-- THE DATA follows --
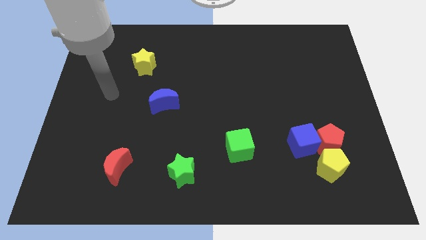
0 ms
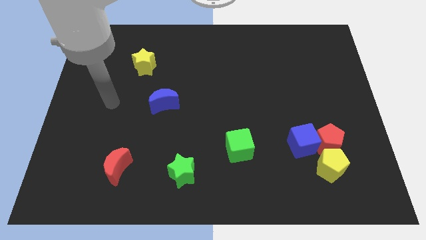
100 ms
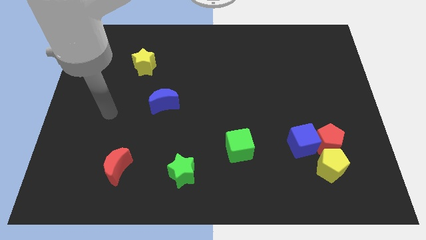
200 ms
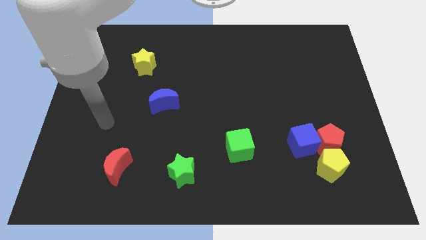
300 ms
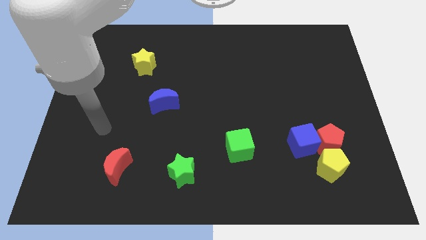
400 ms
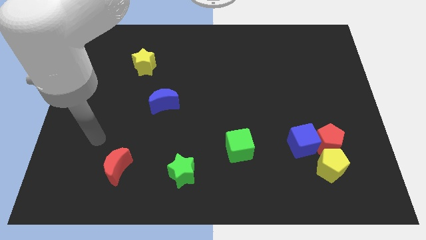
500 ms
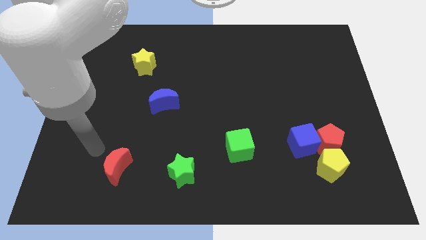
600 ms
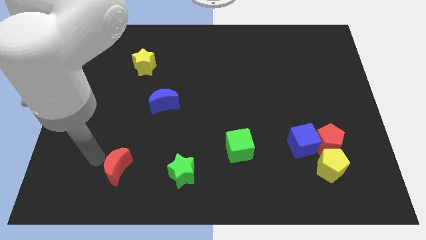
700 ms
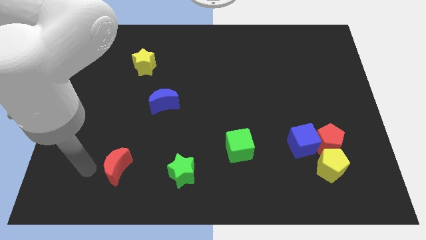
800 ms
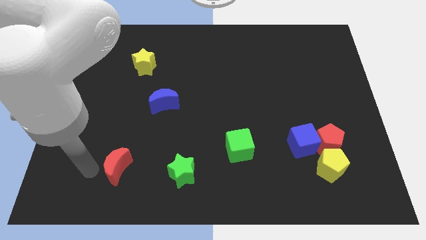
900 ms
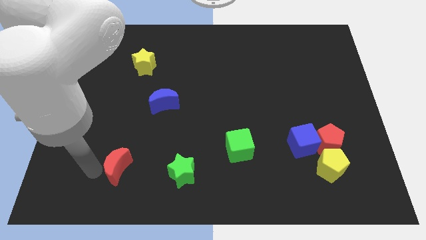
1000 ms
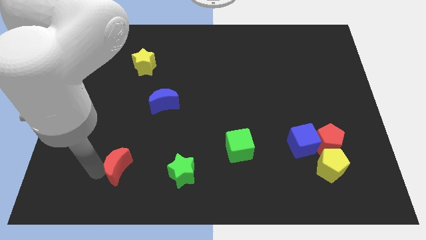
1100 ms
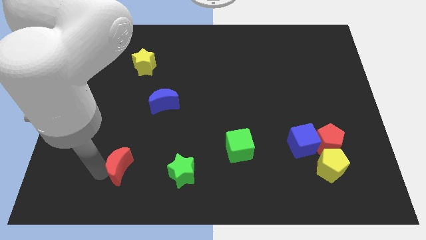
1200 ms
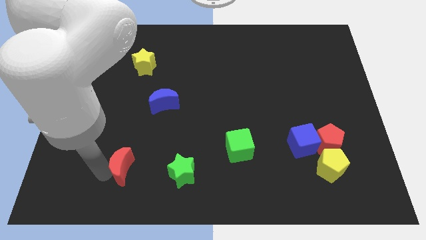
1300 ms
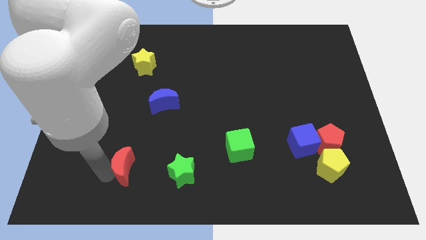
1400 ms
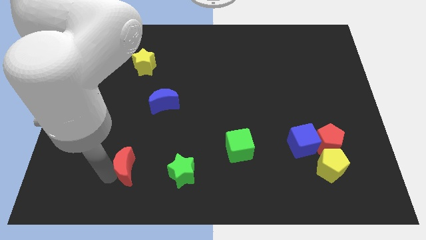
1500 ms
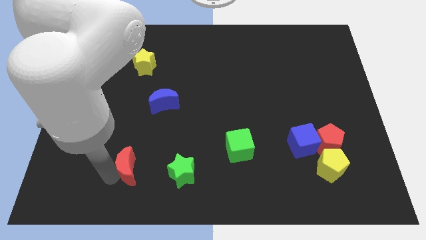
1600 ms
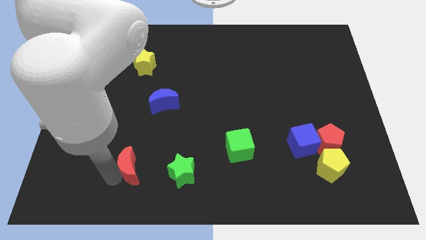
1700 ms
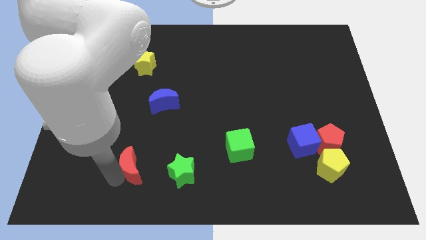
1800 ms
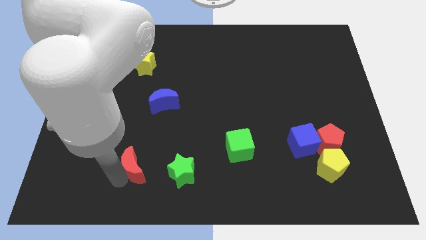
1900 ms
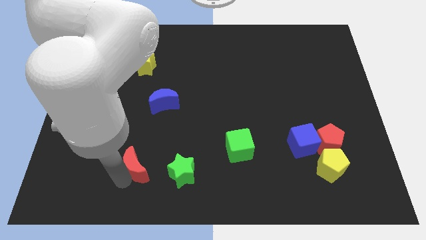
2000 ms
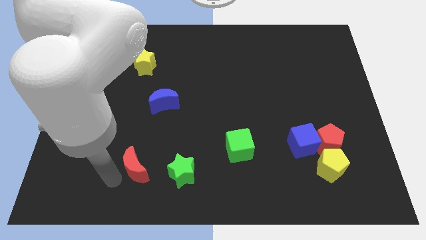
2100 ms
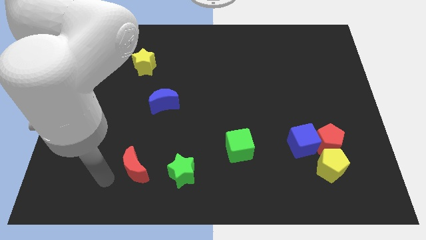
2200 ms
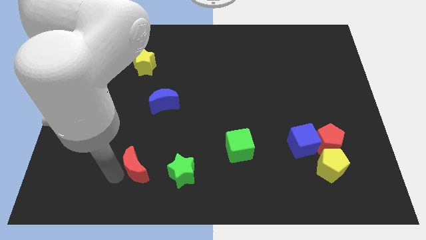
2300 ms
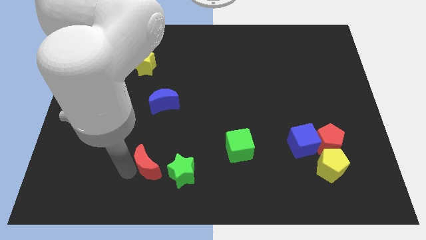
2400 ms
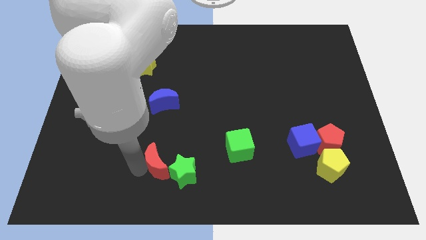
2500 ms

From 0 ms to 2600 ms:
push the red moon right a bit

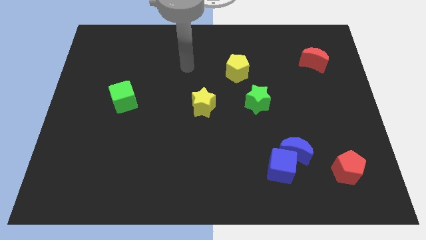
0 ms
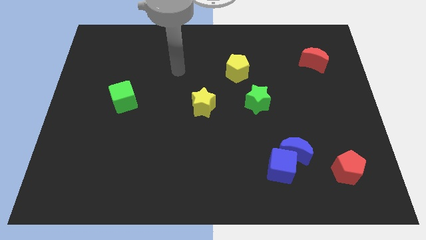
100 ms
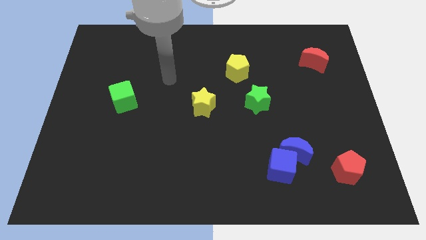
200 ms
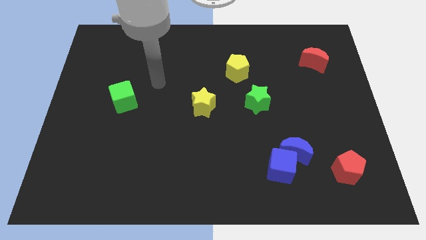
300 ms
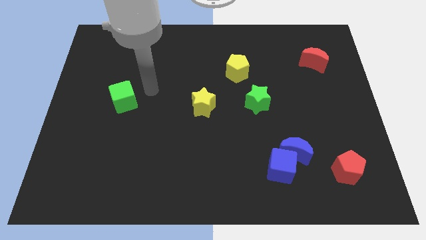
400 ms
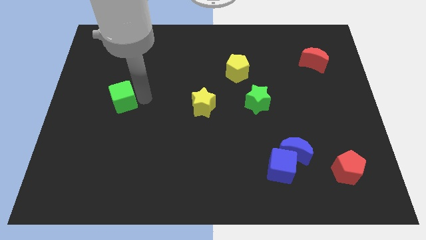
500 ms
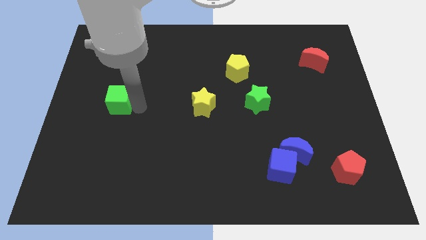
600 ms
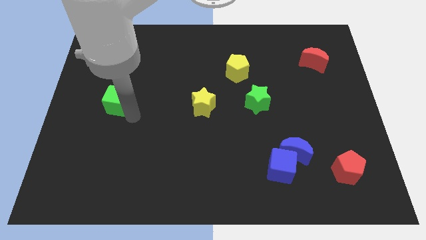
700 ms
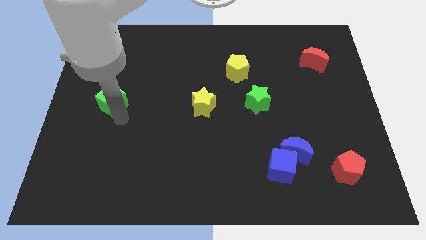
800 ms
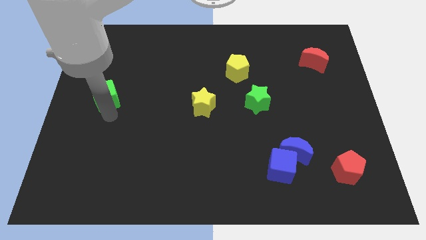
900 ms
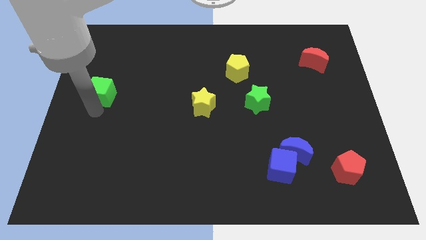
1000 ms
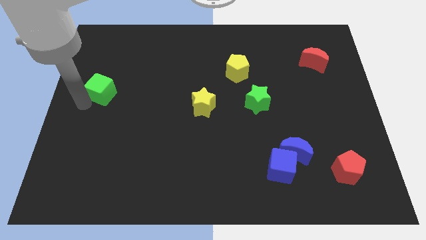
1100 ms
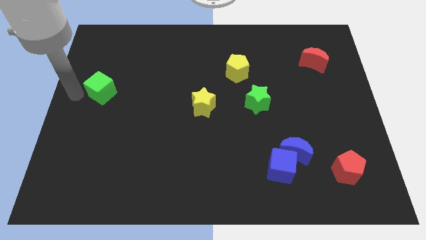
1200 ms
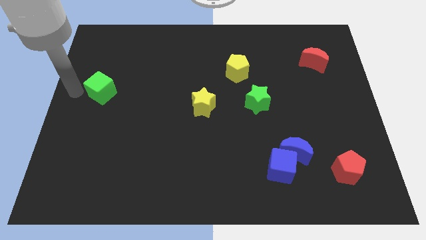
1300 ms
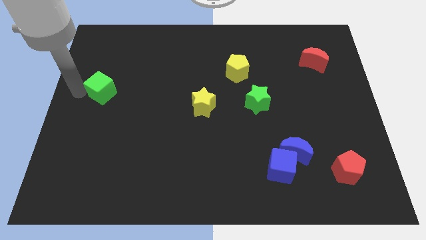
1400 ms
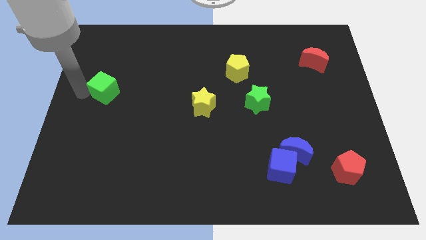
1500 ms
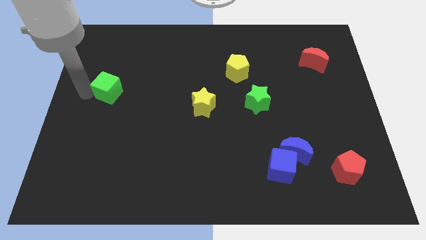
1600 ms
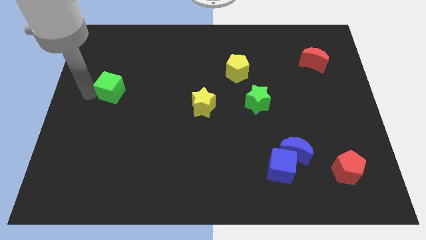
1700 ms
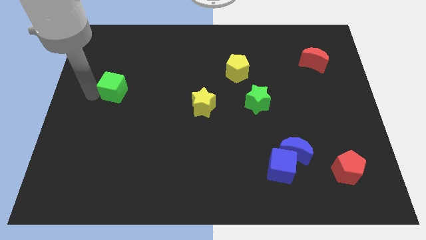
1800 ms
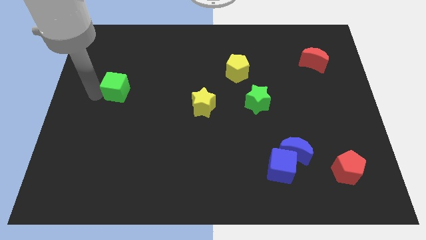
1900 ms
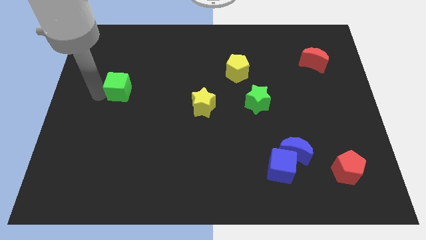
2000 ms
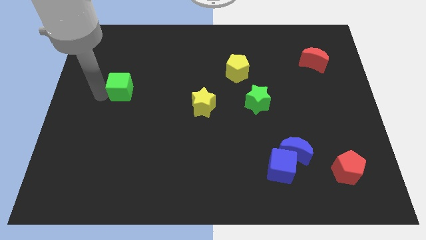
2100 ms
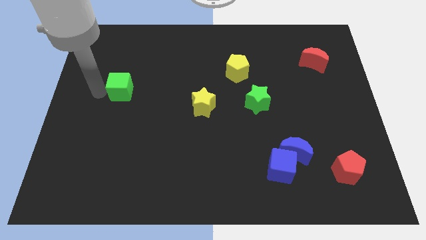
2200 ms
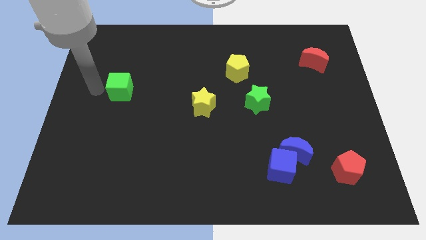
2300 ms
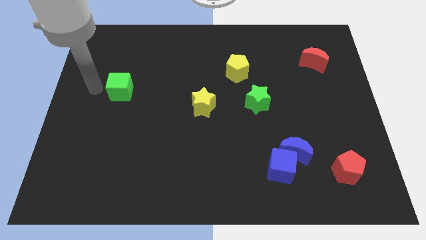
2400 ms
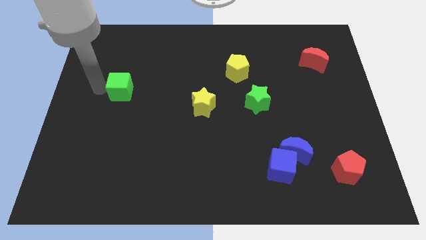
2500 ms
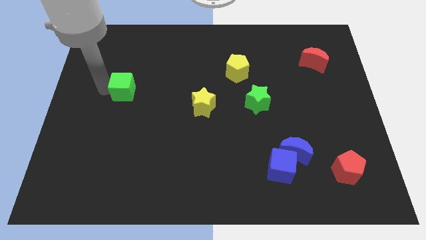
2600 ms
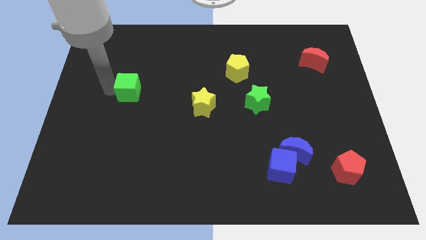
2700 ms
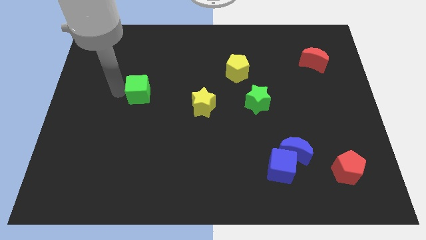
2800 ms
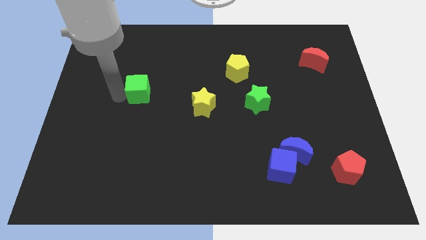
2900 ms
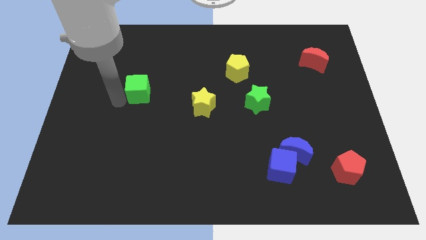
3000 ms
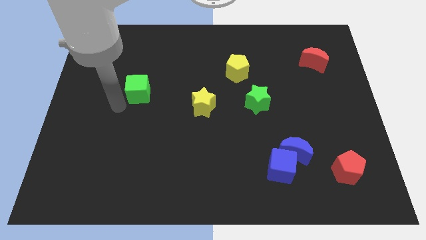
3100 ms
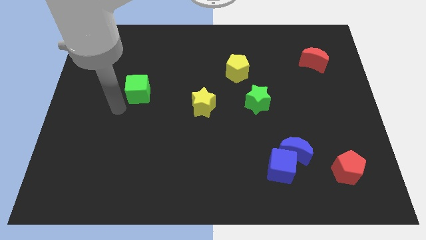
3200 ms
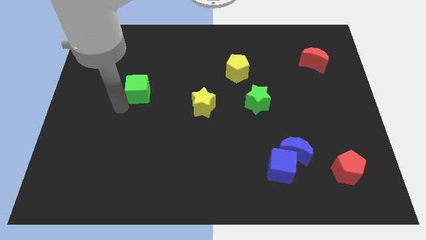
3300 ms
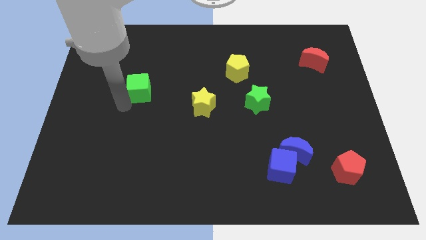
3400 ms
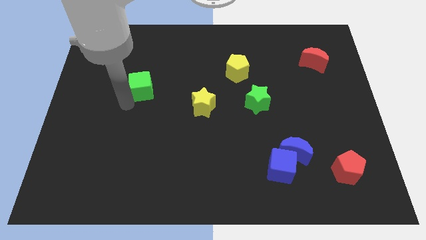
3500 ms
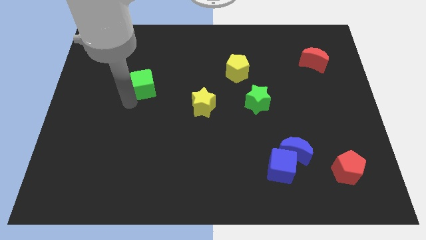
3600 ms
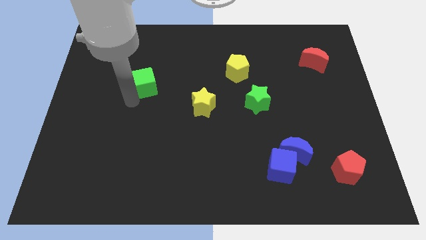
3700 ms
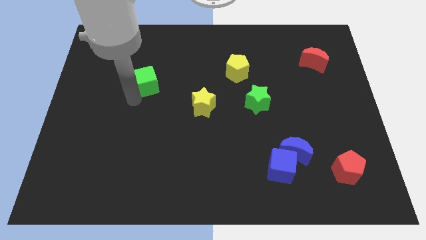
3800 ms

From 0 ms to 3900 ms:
-- THE DATA concluded --
## ASSIGNMENT
Transcribe every entry exactly, leaving out the pictures.

## RESULT OF THE TASK
0 ms
100 ms
200 ms
300 ms
400 ms
500 ms
600 ms
700 ms
800 ms
900 ms
1000 ms
1100 ms
1200 ms
1300 ms
1400 ms
1500 ms
1600 ms
1700 ms
1800 ms
1900 ms
2000 ms
2100 ms
2200 ms
2300 ms
2400 ms
2500 ms

From 0 ms to 2600 ms:
push the red moon right a bit

0 ms
100 ms
200 ms
300 ms
400 ms
500 ms
600 ms
700 ms
800 ms
900 ms
1000 ms
1100 ms
1200 ms
1300 ms
1400 ms
1500 ms
1600 ms
1700 ms
1800 ms
1900 ms
2000 ms
2100 ms
2200 ms
2300 ms
2400 ms
2500 ms
2600 ms
2700 ms
2800 ms
2900 ms
3000 ms
3100 ms
3200 ms
3300 ms
3400 ms
3500 ms
3600 ms
3700 ms
3800 ms

From 0 ms to 3900 ms:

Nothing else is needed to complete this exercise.